Step 1: Understanding the Concept:
In a parallelogram, the diagonals bisect each other. This means the midpoint of diagonal AC is the same as the midpoint of diagonal BD. The diagonal through B is the line BD.
: Key Formula or Approach:
1. Midpoint Formula: \( (\frac{x_1+x_2}{2}, \frac{y_1+y_2}{2}) \).
2. Equation of line through two points.
Step 2: Detailed Explanation:
The diagonal through B is BD. Since the diagonals bisect each other, the midpoint of BD is the same as the midpoint of AC.
Midpoint of AC \( (M) \):
\[ M = \left( \frac{-1 + 6}{2}, \frac{2 + 5}{2} \right) = \left( \frac{5}{2}, \frac{7}{2} \right) \]

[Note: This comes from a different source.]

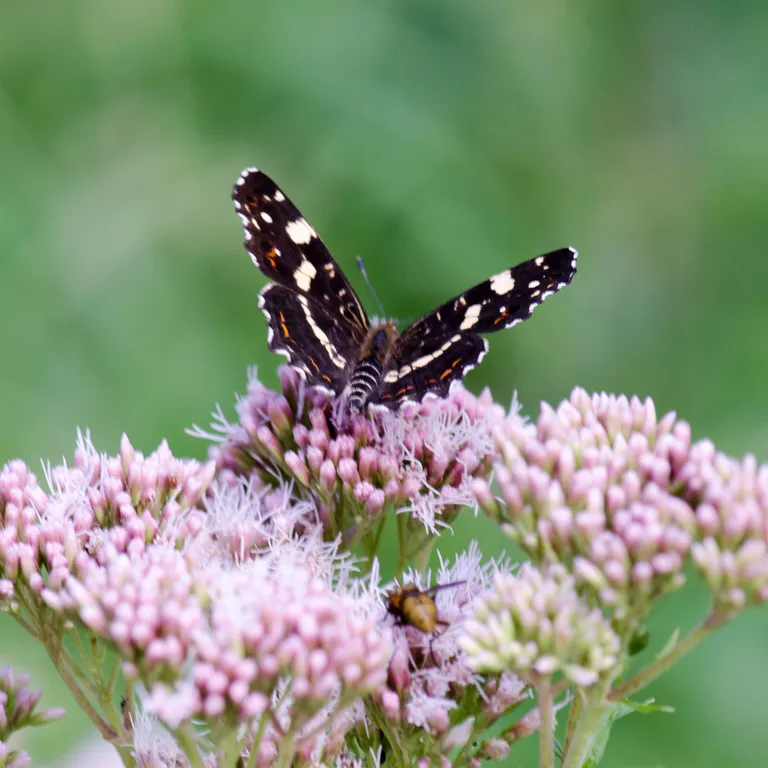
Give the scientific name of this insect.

The line BD passes through \( B(5, 1) \) and \( M(2.5, 3.5) \).
Slope of BD:
\[ m = \frac{3.5 - 1}{2.5 - 5} = \frac{2.5}{-2.5} = -1 \]
Equation of line BD:
\[ y - 1 = -1(x - 5) \]
\[ y - 1 = -x + 5 \implies x + y - 6 = 0 \].
Step 3: Final Answer:
The equation of the diagonal is \( x + y - 6 = 0 \).